For a moment Padrec thought she meant Maibhygon, and a wicked happiness boiled in his breast.
“Yes, he is dead, Your . . . Majesty,” Arellwen said haltingly. Then, in an alarming clatter, the group of men dropped to their knees, and the chancellor found his voice.
“The emperor is dead!” he cried, and the walls and windows muffled his voice but not enough — it still rang clearly out into the halls where the whispers were loud and the faces hidden. “The emperor is dead — Long live the emperor! Long live His Imperial Majesty, Padrec the Second, lord of All Narsil!”
“Long live the emperor!” the crowd responded. “Long live Padrec!”

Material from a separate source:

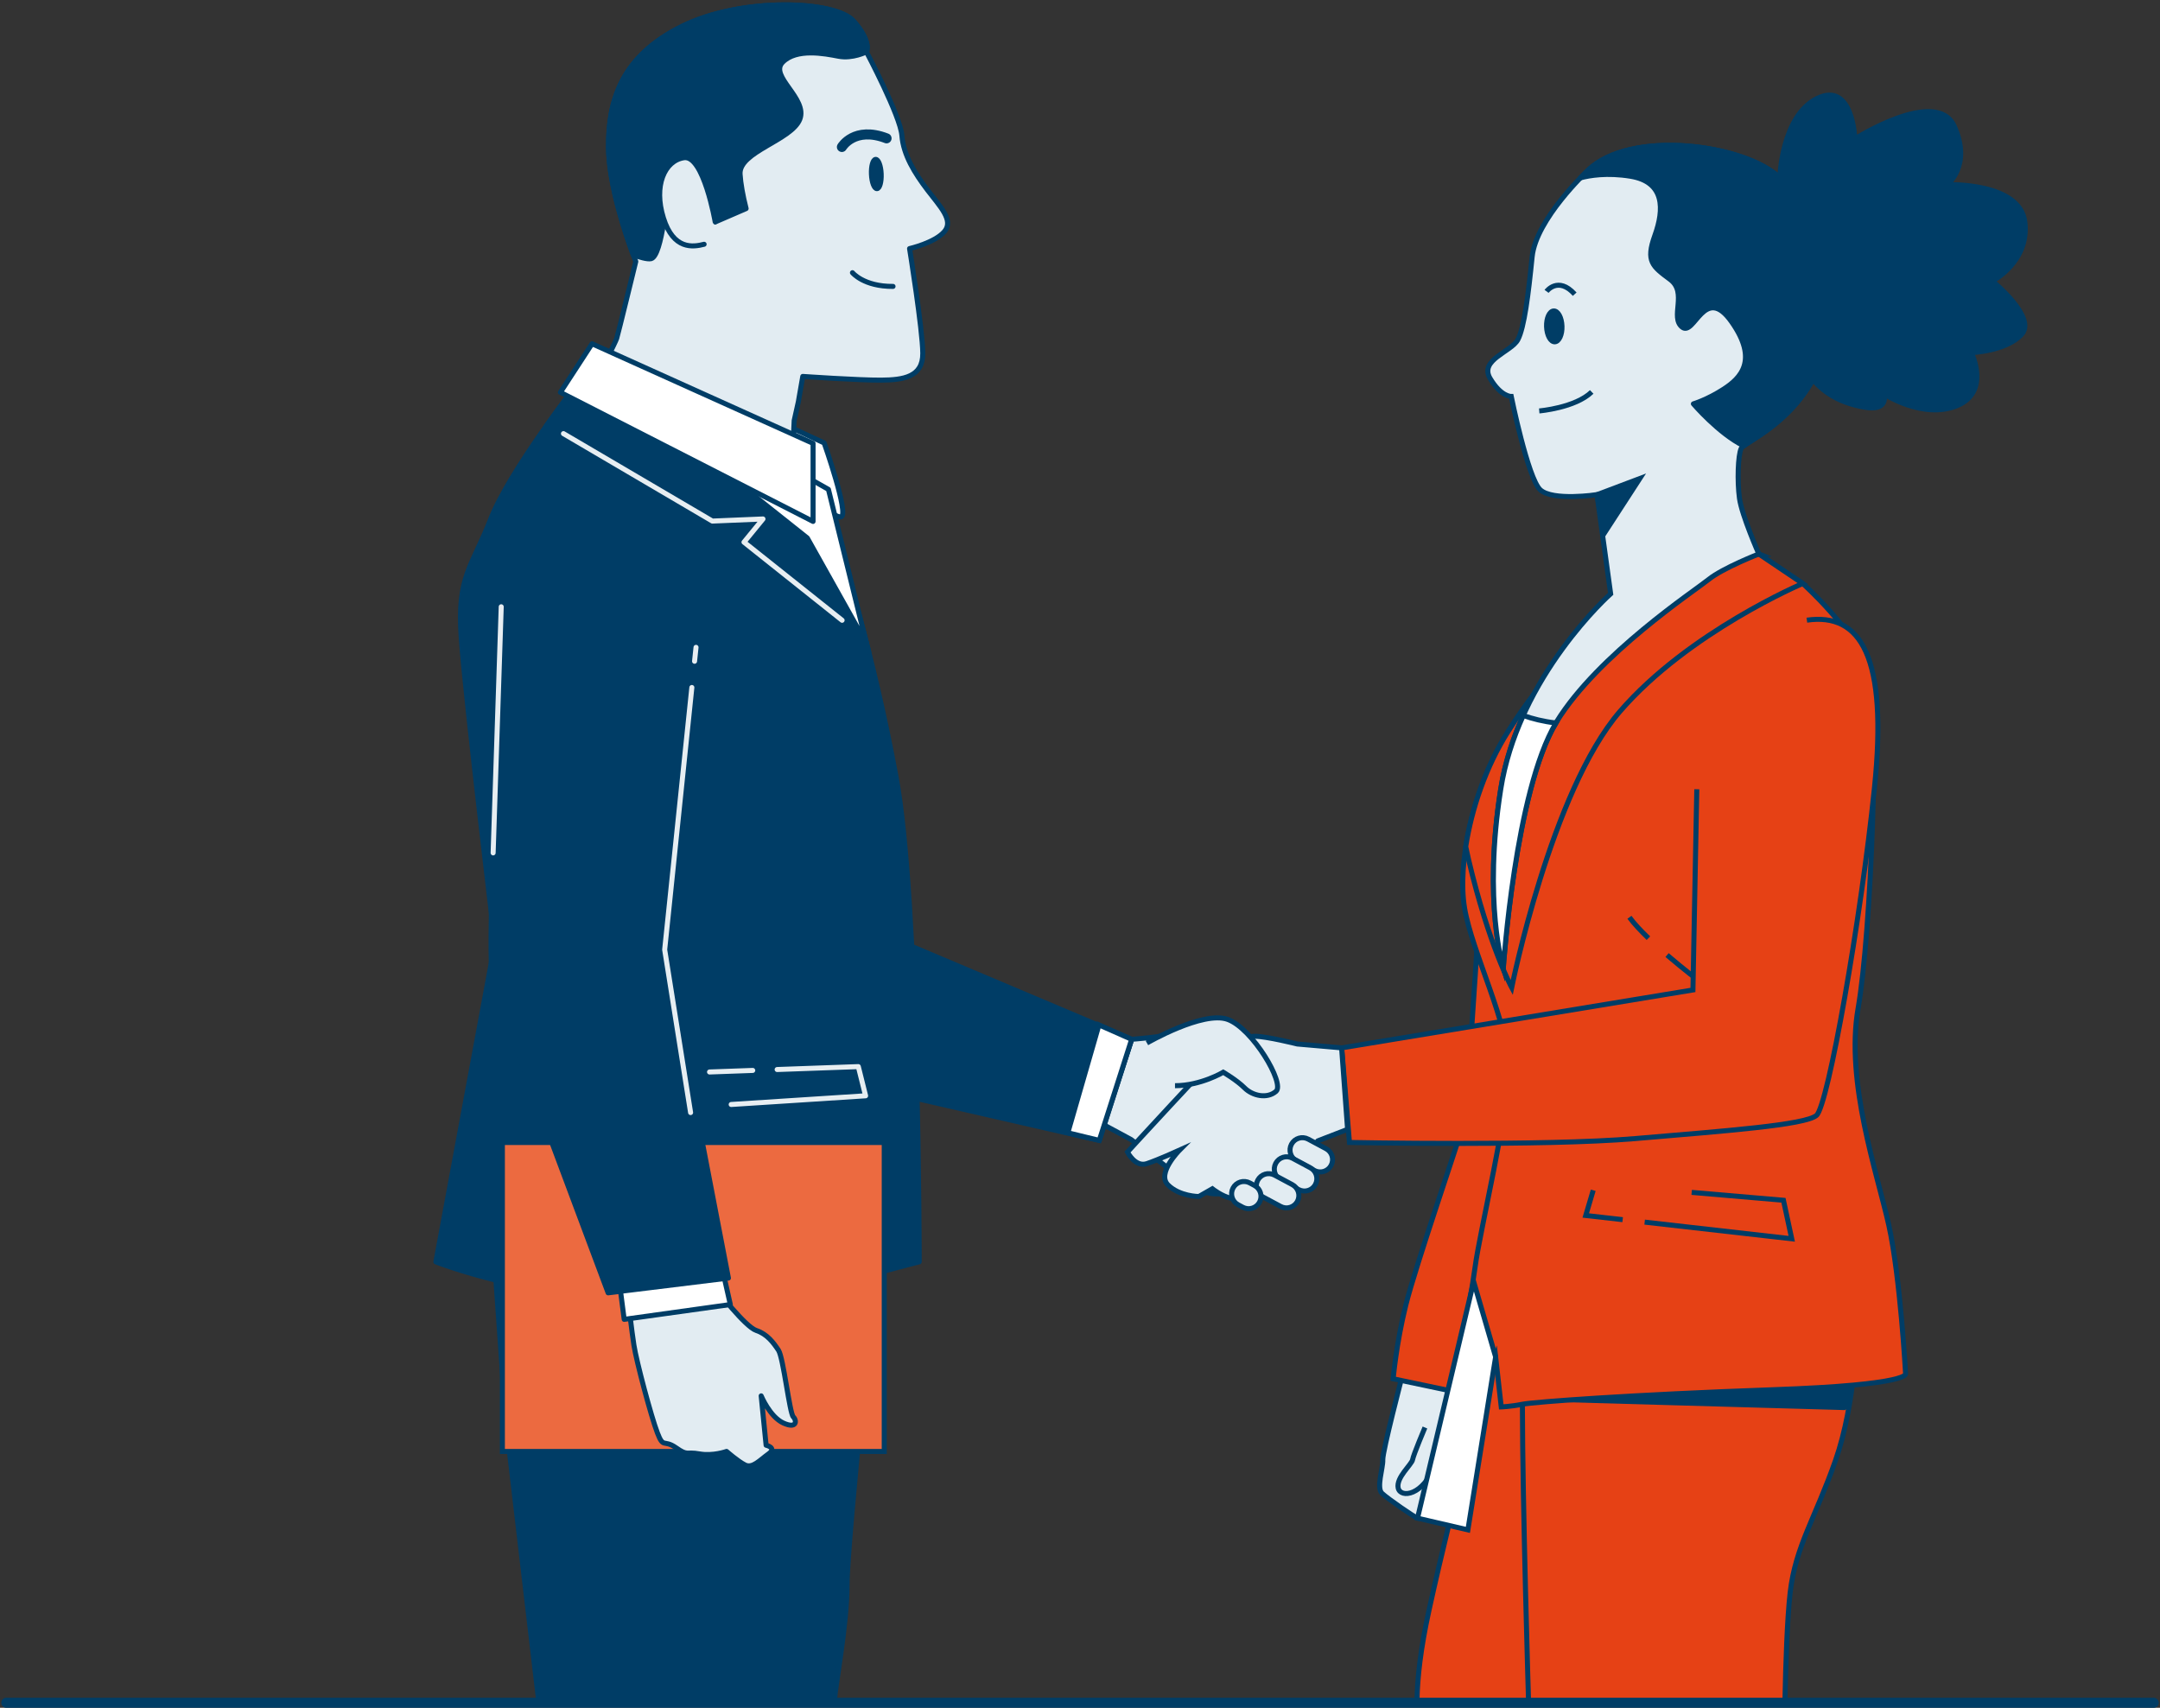 <svg xmlns="http://www.w3.org/2000/svg" id="Ebene_1" data-name="Ebene 1" viewBox="0 0 430 340"><rect x="0" y="0" width="430" height="340" fill="#333333" stroke="none"/><defs><style>      .cls-1, .cls-2, .cls-3, .cls-4, .cls-5, .cls-6, .cls-7, .cls-8, .cls-9, .cls-10, .cls-11 {        stroke: #003d66;      }      .cls-1, .cls-3 {        fill: #fff;      }      .cls-1, .cls-4, .cls-12, .cls-6, .cls-7, .cls-8 {        stroke-linecap: round;        stroke-linejoin: round;      }      .cls-2, .cls-3, .cls-5, .cls-9, .cls-10, .cls-11 {        stroke-miterlimit: 10;      }      .cls-2, .cls-8 {        fill: #e2ecf2;      }      .cls-4, .cls-12, .cls-6, .cls-11 {        fill: none;      }      .cls-5, .cls-7 {        fill: #003d66;      }      .cls-12 {        stroke: #e7eef2;      }      .cls-6 {        stroke-width: 2px;      }      .cls-9 {        fill: #e64115;      }      .cls-10 {        fill: #ec6a40;      }    </style></defs><g><g><path class="cls-7" d="M354.31,35.42s.33-12.32,7.44-15.82c7.11-3.5,7.51,8.05,7.51,8.05,0,0,16.26-10.32,19.79-2.5,3.53,7.83-1.4,11.61-1.4,11.61,0,0,14.44-.5,15.44,7.41s-6.45,11.79-6.45,11.79c0,0,8.93,7.28,5.79,10.64-3.14,3.36-9.99,3.6-9.99,3.6,0,0,3.89,7.81-2.88,10.58-6.77,2.77-14.54-2.38-14.54-2.38,0,0,1.21,3.57-3.88,2.66-5.09-.91-10.23-3.26-13.38-10.74-3.15-7.48-7.22-28.61-3.43-34.91Z"></path><g><path class="cls-2" d="M279.27,273.45s-4.05,15.45-3.99,17.17c.06,1.72-1.34,5.6-.15,6.7,1.19,1.11,6.48,4.75,7.06,4.92s2.28-.46,2.84-.86c.56-.4.91-1.37.89-1.94-.02-.57-1.64-3.01-1.85-3.57-.21-.57,2.98-7.95,4.19-11.63,1.21-3.68,1.95-10.02,1.95-10.02l-10.94-.77Z"></path><path class="cls-2" d="M283.67,284.2s-2.3,5.44-2.46,6.4c-.16.96-3.32,3.56-2.87,5.65.46,2.09,5.03,1.55,7.3-4.66"></path></g><path class="cls-9" d="M293.98,189.48s-1.94,31.53-2.67,34.31c-.73,2.79-9.5,28.2-11.44,36-1.94,7.79-2.52,14.71-2.52,14.71l11.79,2.48,6.61-29.06s8.65-26.44,6.92-38.88c-1.72-12.44-8.69-19.57-8.69-19.57Z"></path><g><path class="cls-9" d="M355.34,338.41c.14-6.86.43-16.1,1.04-21.4,1.06-9.14,5-14.8,9.02-26.26,4.02-11.45,4.32-26.37,4.32-26.37l-71.94,2.51s-8.31,30.92-13.31,53.73c-1.68,7.65-2.3,13.44-2.38,17.79"></path><polygon class="cls-7" points="307.3 278.54 367.16 280.23 368.42 275.59 307.3 278.54"></polygon><path class="cls-3" d="M304.28,338.21s-1.18-38.33-1.21-58.64"></path></g><g><path class="cls-9" d="M350.15,110.29l8.73,5.88s10.32,9.25,12.89,16.85c2.57,7.6.7,53.03-1.87,67.72-2.56,14.7,3.84,32.93,6.12,43.23,2.28,10.3,3.33,29.48,3.33,29.48,0,0,1.62,2.25-26.41,3.23-28.03.98-47.58,2.43-49.87,2.89-2.29.46-4.21.53-4.21.53l-1.12-9.96-2.79,8.17-5.81-1.34s3.61-17.81,4.52-24.76c.91-6.95,6.62-30.6,6.7-39.44.08-8.84-7.34-23.19-8.8-31.98-1.46-8.79,1.47-23.89,8.76-35.29,7.29-11.4,12.14-15.8,26.34-27.44,14.2-11.64,23.5-7.77,23.5-7.77Z"></path><polyline class="cls-11" points="327.41 243.31 356.69 246.63 355.04 238.96 336.77 237.39"></polyline><polyline class="cls-11" points="317.17 236.97 315.68 241.99 323.03 242.82"></polyline><path class="cls-11" d="M328.16,186.78c-1.52-1.47-2.88-2.91-3.78-4.16"></path><path class="cls-11" d="M338.35,195.38s-3.09-2.33-6.48-5.24"></path></g><path class="cls-9" d="M350.15,110.29s-9.29-3.87-23.5,7.77c-14.2,11.64-19.05,16.04-26.34,27.44-4.51,7.06-7.35,15.53-8.52,23.05.17.85.36,1.72.57,2.6,4.06,17.16,8.58,25.46,8.58,25.46,0,0,7.86-39.1,21.53-54.95,13.67-15.85,36.4-25.49,36.4-25.49l-8.73-5.88Z"></path><path class="cls-2" d="M316.02,34.02s-10.25,9.58-11.01,17.11c-.76,7.54-1.56,14.05-2.84,16.49-1.28,2.43-7.71,4.02-5.54,7.7,2.18,3.68,4.22,3.61,4.22,3.61,0,0,3.3,16.27,5.77,18.58,2.47,2.3,11.3.97,11.3.97l2.72,19.74s-18.32,16.26-21.89,38.9c-3.57,22.64.51,35.58.51,35.58,0,0,2.39-35.68,10.64-49.04,8.25-13.36,27.42-26.02,30.25-28.3,2.83-2.28,9.99-5.07,9.99-5.07,0,0-3.4-7.69-3.86-11.09-.46-3.4-.3-8.53.34-9.91.63-1.39,12.1-5.54,16.42-18.67,4.32-13.12-2.02-28.61-8.74-35.2-6.72-6.59-29.71-9.89-38.29-1.4Z"></path><path class="cls-7" d="M363.05,70.62c4.32-13.12-2.02-28.61-8.74-35.2-6.72-6.59-29.71-9.89-38.29-1.4,0,0-.55.51-1.4,1.39,1.77-.47,5.29-1.09,9.97-.32,6.87,1.13,6.72,6.59,4.85,11.78-1.87,5.19-.47,6.16,3.04,8.77,3.51,2.61-.08,7.51,2.38,9.48,2.46,1.96,4.48-8.69,9.87-1.03,5.39,7.66,1.76,11.21-1.58,13.37-3.34,2.16-6.04,2.94-6.04,2.94,0,0,5.06,5.93,10.04,8.37,2.38-1.81,12.02-6.36,15.91-18.15Z"></path><g><path class="cls-11" d="M306.42,81.81s7.15-.59,10.45-3.78"></path><path class="cls-5" d="M310.95,64.93c.06,1.69-.58,3.09-1.43,3.12-.85.03-1.58-1.32-1.64-3.02s.58-3.09,1.43-3.12c.85-.03,1.58,1.32,1.64,3.02Z"></path><path class="cls-11" d="M307.88,58.01s2.3-3.1,5.6.56"></path></g><polygon class="cls-5" points="317.93 98.48 326.44 95.27 319.31 106.26 317.93 98.48"></polygon><polygon class="cls-3" points="293.37 255.16 282.19 302.25 292.22 304.58 297.74 270.15 293.37 255.16"></polygon><path class="cls-3" d="M303.25,142.44c-2.02,4.46-3.66,9.39-4.49,14.68-3.57,22.64.51,35.58.51,35.58,0,0,2.36-35.2,10.48-48.76-2.56-.3-4.72-.85-6.5-1.49Z"></path></g><g><path class="cls-9" d="M337.79,157.13l-.77,39.96-69.92,11.53,1.54,18.83s38.8.77,56.86-.77,33.81-2.69,36.11-4.61c2.31-1.92,8.85-39.06,11.54-65.18,2.69-26.12-2.69-34.96-13.45-33.42"></path><g><path class="cls-2" d="M225.28,206.92l-5.59,16.99,5.5,2.97s6.93,5.37,10.73,8.27c3.8,2.91,6.71,2.91,8.72,2.01,2.01-.89,11.18-13.86,12.3-16.32,1.12-2.46-4.25-9.84-9.61-12.97-5.37-3.13-9.84-3.13-12.97-2.24s-9.08,1.28-9.08,1.28Z"></path><path class="cls-2" d="M267.1,208.62l-8.84-.77s-6.15-1.54-8.45-1.54-5.38,2.31-6.92,3.46c-1.54,1.15-18.44,19.59-18.44,19.59,0,0,1.54,3.07,3.84,2.31,2.31-.77,6.53-2.69,6.53-2.69,0,0-4.61,4.61-2.31,6.92,2.31,2.31,6.15,2.31,6.15,2.31l2.69-1.54s1.92,1.54,3.84,1.92c1.92.38,4.99-.38,7.68-1.92,2.69-1.54,9.5-9.55,9.5-9.55l5.9-2.28-1.19-16.21Z"></path><path class="cls-2" d="M228.32,207.65s11.18-6.48,16.1-4.69c4.92,1.79,11.4,12.74,9.61,14.31-1.79,1.56-4.69.89-6.26-.67-1.56-1.56-4.25-3.13-4.25-3.13,0,0-4.47,2.68-9.61,2.68"></path><g><path class="cls-2" d="M261.66,233.03l-3.55-1.9c-1.2-.64-1.65-2.13-1.01-3.33h0c.64-1.2,2.13-1.65,3.33-1.01l3.55,1.9c1.2.64,1.65,2.13,1.01,3.33h0c-.64,1.2-2.13,1.65-3.33,1.01Z"></path><path class="cls-2" d="M258.53,236.83l-3.55-1.9c-1.2-.64-1.65-2.13-1.01-3.33h0c.64-1.2,2.13-1.65,3.33-1.01l3.55,1.9c1.2.64,1.65,2.13,1.01,3.33h0c-.64,1.2-2.13,1.65-3.33,1.01Z"></path><path class="cls-2" d="M254.95,240.19l-3.55-1.9c-1.2-.64-1.65-2.13-1.01-3.33h0c.64-1.2,2.13-1.65,3.33-1.01l3.55,1.9c1.2.64,1.65,2.13,1.01,3.33h0c-.64,1.2-2.13,1.65-3.33,1.01Z"></path><path class="cls-2" d="M247.41,240.35l-.93-.5c-1.2-.64-1.65-2.13-1.01-3.33h0c.64-1.2,2.13-1.65,3.33-1.01l.93.5c1.2.64,1.65,2.13,1.01,3.33h0c-.64,1.2-2.13,1.65-3.33,1.01Z"></path></g></g></g><g><polygon class="cls-7" points="225.28 206.92 178.36 187.09 180.09 218.16 218.84 227.04 225.28 206.92"></polygon><polygon class="cls-3" points="218.84 227.04 225.28 206.92 218.72 204.02 218.59 204.68 212.58 225.52 218.84 227.04"></polygon></g><g><g><g><path class="cls-1" d="M152.04,82.61l12.03,5.58s5.04,14.29,3.36,14.71c-1.68.42-14.29-9.66-14.29-9.66l-1.11-10.63Z"></path><path class="cls-8" d="M158.97,79.75l.84-4.81s11.13.77,15.58.74c4.45-.03,8.34-.61,8.31-5.34-.03-4.73-2.63-20.85-2.63-20.85,0,0,5-1.14,6.93-3.38,1.93-2.24-.87-5-3.39-8.32-2.52-3.32-4.77-6.93-5.07-10.82-.3-3.89-7.06-16.65-7.06-16.65,0,0,1.1-1.95-2.54-6.1-3.64-4.15-22.29-4.87-34.21,1.05-11.93,5.92-14.65,14.56-14.59,24.01.06,9.46,5.43,22.78,5.43,22.78,0,0-3.53,14.49-3.8,15.32-.27.84-3.43,7-3.43,7,0,0,14.91,10.41,20.37,15.08,5.46,4.67,17.74,12.66,17.82,8.35.08-4.32.57-14.09.57-14.09l.88-3.96Z"></path><path class="cls-5" d="M175.42,34.6c.07,1.61-.3,2.94-.84,2.96-.54.02-1.03-1.26-1.1-2.87-.07-1.61.3-2.94.84-2.96.54-.02,1.03,1.26,1.1,2.87Z"></path><path class="cls-6" d="M167.6,29.26s2.48-4.19,8.89-1.72"></path></g><path class="cls-7" d="M148.53,41.51c-.65-2.53-1.08-4.97-1.2-6.83-.31-4.45,10.25-6.74,11.89-10.92,1.64-4.18-6.17-8.59-3.41-11.38,2.76-2.8,8.33-1.72,11.12-1.18,2.79.54,5.56-.87,5.56-.87,0,0,1.1-1.95-2.54-6.1-3.64-4.15-22.29-4.87-34.21,1.05-11.93,5.92-14.65,14.56-14.59,24.01.05,7.66,3.58,17.86,4.92,21.46,1.07.39,2.82.94,3.56.75,1.11-.29,1.92-3.63,2.46-6.97.54-3.34,10.29-.34,10.29-.34l6.15-2.66Z"></path><path class="cls-8" d="M142.37,44.16s-2.31-13.34-6.2-12.76c-3.89.58-6.09,5.6-4.1,11.99,1.99,6.39,5.88,5.81,8.1,5.24"></path><path class="cls-4" d="M169.7,54.29s2.24,2.77,8.08,2.73"></path></g><path class="cls-7" d="M107.2,338.41h58.94c.2-3.1,2.49-15.02,2.49-22.83,0-9.04,6.22-67.27,6.22-67.27l-76.66-1,2.51,35.64,6.51,55.46Z"></path><path class="cls-7" d="M114.92,76.43s-13.45,17.23-17.23,26.89c-3.78,9.66-6.72,11.34-5.88,23.53.84,12.18,6.72,60.92,6.72,60.92l-11.76,63.45s18.91,7.56,43.28,7.56,34.87-2.1,36.55-2.94,16.39-4.62,16.39-4.62c0,0,0-71.85-4.62-96.64s-10.5-43.7-12.61-48.32c-2.1-4.62-8.82-19.75-8.82-19.75l-42.02-10.08Z"></path><path class="cls-7" d="M165.76,106.26c-2.1-4.62-8.82-19.75-8.82-19.75l-42.02-10.08s-2.84,3.64-6.28,8.52c9.16,5.32,31.83,18.46,33.17,18.79,1.68.42,10.08-.42,10.08-.42l-3.78,4.62s10.08,7.98,13.45,11.34c1.77,1.77,6.9,6.44,11.38,10.47-3.05-12.07-5.86-20.6-7.17-23.5Z"></path><polygon class="cls-1" points="146.43 95.75 160.71 107.1 172.48 128.11 164.92 97.43 149.37 88.61 146.43 95.75"></polygon><polygon class="cls-1" points="117.86 68.44 161.86 88.27 161.86 103.81 111.56 78.11 117.86 68.44"></polygon><g><rect class="cls-10" x="100.01" y="227.46" width="76.02" height="61.51"></rect><path class="cls-8" d="M142.69,256.77s5.65,7.37,7.86,8.11c2.21.74,3.44,2.46,4.42,3.93.98,1.47,2.21,12.53,2.95,13.27.74.74.74,2.46-1.97,1.23-2.7-1.23-4.42-5.41-4.42-5.41l.98,9.83s2.21.49.49,1.72c-1.72,1.23-3.19,2.95-4.67,2.21-1.47-.74-3.69-2.7-3.69-2.7,0,0-2.7.98-5.41.49-2.7-.49-2.21.49-4.67-1.23-2.46-1.72-2.46.25-3.69-2.95-1.23-3.19-4.18-14.25-4.67-17.45-.49-3.19-.98-7.62-.98-7.62l17.45-3.44Z"></path><polygon class="cls-1" points="143.67 252.1 145.39 259.72 124.26 262.67 123.27 255.05 143.67 252.1"></polygon><path class="cls-7" d="M116.6,91.55s-14.71,4.62-15.13,11.34c-.42,6.72-5.29,88.27-3.19,93.73,2.1,5.46,22.78,60.77,22.78,60.77l23.95-2.94s-12.28-64.13-12.7-65.39c-.42-1.26,8.23-72.73,8.23-72.73"></path><g><polyline class="cls-12" points="137.73 136.87 132.32 189.07 137.48 221.5"></polyline><line class="cls-12" x1="138.56" y1="128.88" x2="138.27" y2="131.65"></line><line class="cls-12" x1="99.78" y1="120.8" x2="98.17" y2="169.8"></line><polyline class="cls-12" points="154.71 212.93 170.87 212.35 172.32 218.16 145.56 219.89"></polyline><line class="cls-12" x1="141.25" y1="213.42" x2="149.85" y2="213.11"></line><polyline class="cls-12" points="112.17 86.33 141.81 103.74 151.89 103.32 148.11 107.94 167.64 123.49"></polyline></g></g></g></g><line class="cls-6" x1="1.25" y1="339" x2="428.75" y2="339"></line></svg>

“Long live Padrec,” his sister said softly, on her knees with the others, her black skirts pooling on the room's floor, and the uncrowned emperor blinked in the glare of sun on snow and heard, for the first time, the distant pealing of bells.
So Edmund Montair died in the last days of the year of the world One Thousand Two Hundred and Eighty-Nine, three hundred and twenty-five years after Andarion Narcilis had begun constructing the Con Rendala in whose throne room the late emperor now lay in state, his broken features patched up with thread and painted into a semblance of life.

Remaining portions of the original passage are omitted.